Look at Martha. She had Jesus in her living room—the literal Savior of the world was sitting right there on her floor—but she was too consumed by the process of serving to actually experience Him. She was frantic, burdened, and deeply resentful. She was doing good things, but she was doing them out of anxiety rather than surrender. She even tried to boss Jesus around, demanding that He make her sister help her fix the situation. How often do we do the exact same thing in our prayers? We cry out, Lord, don't you care that I am drowning here? Tell them to help me. Fix this my way.
To truly trust God, you eventually have to drop the illusion of control. You have to hand over the parts of your life you cannot fix, the people you cannot change, and the outcomes you cannot guarantee. Mary chose the better part. She didn't ignore the reality of the unkept house or the unfed guests; she simply recognized that sitting at the feet of Jesus was the only thing that could anchor her soul. In the middle of your hardest season, the greatest act of faith is often stopping your frantic striving and choosing to just sit at His feet in the mess.

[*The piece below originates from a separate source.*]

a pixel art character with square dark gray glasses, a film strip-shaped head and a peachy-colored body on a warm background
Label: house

And she had a sister called Mary, which also sat at Jesus’ feet, and heard his word. But Martha was cumbered about much serving, and came to him, and said, Lord, dost thou not care that my sister hath left me to serve alone? bid her therefore that she help me.— Luke 10:39-40, KJV
The Paradox of the Process
There is a quiet, unspoken reality in the church: faith doesn't necessarily get easier as you get older. In many ways, it gets harder. When you were young, you trusted God for a good grade or a job interview. Now, you are trusting Him through a terrifying medical diagnosis, a shattered family, or a devastating financial collapse. The stakes are so much higher. You are walking toward a hope without even knowing if it is entirely possible in the natural. And often, your process looks exactly like the opposite of a blessing. It looks like profound loss. It looks like mourning. It looks like starvation.

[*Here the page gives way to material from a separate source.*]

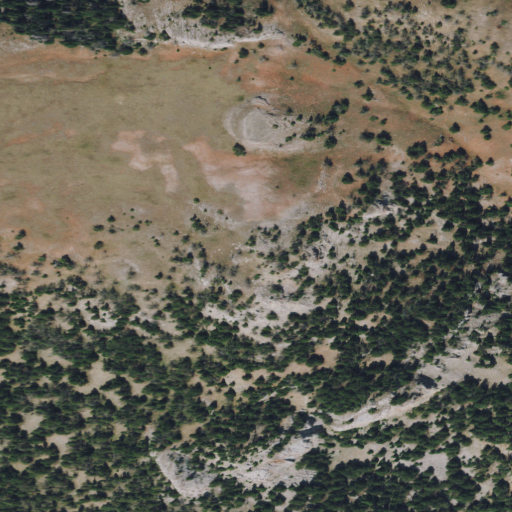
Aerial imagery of mountain in Montana named Blacktail Mountain containing evergreen forest, grassland, and shrub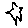
Label: star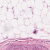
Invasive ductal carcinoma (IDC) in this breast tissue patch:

We have been conditioned by the world to believe that if we are crying, we are losing. If we are empty, we have done something wrong. If we are hated or rejected, God has abandoned us. But the kingdom of heaven operates on a stunning paradox. Jesus flipped our human metrics of success completely upside down. He stood before a crowd of desperate, hungry, weeping people and told them that their brokenness was actually the exact prerequisite for receiving the fullness of God. They weren't cursed; they were primed for a miracle.
Maintaining your faith in hard times requires you to completely redefine what a blessing looks like. The weeping is not a sign of God's absence; it is the very hollowed-out space He is preparing to fill with His unshakeable joy. If you are hungry for justice, for peace, for a breakthrough, that hunger is holy. The ache you feel in the process is the proof that you are being enlarged for a greater capacity. You are not being buried in the dark; you are being planted by the Master Gardener.
Blessed are ye that hunger now: for ye shall be filled. Blessed are ye that weep now: for ye shall laugh.— Luke 6:21, KJV
The process will rarely make sense while you are standing in the middle of it. The chains will feel heavy, the waiting will feel endless, and the bleachers will continue to shout empty advice that cannot reach the depths of your pain. But you do not serve a God who watches your struggle from a safe distance. You serve the God who stepped into the dirt, touched the untouchable, sat in the chaotic living room, and willingly walked into the tomb. He is not rushing your healing, and He is not intimidated by your doubts. Lean into the heavy, messy, unresolved middle of your story. Trusting Him doesn't mean you know exactly how it all ends; it means you know exactly Who is holding the pen. And His hand has never once slipped.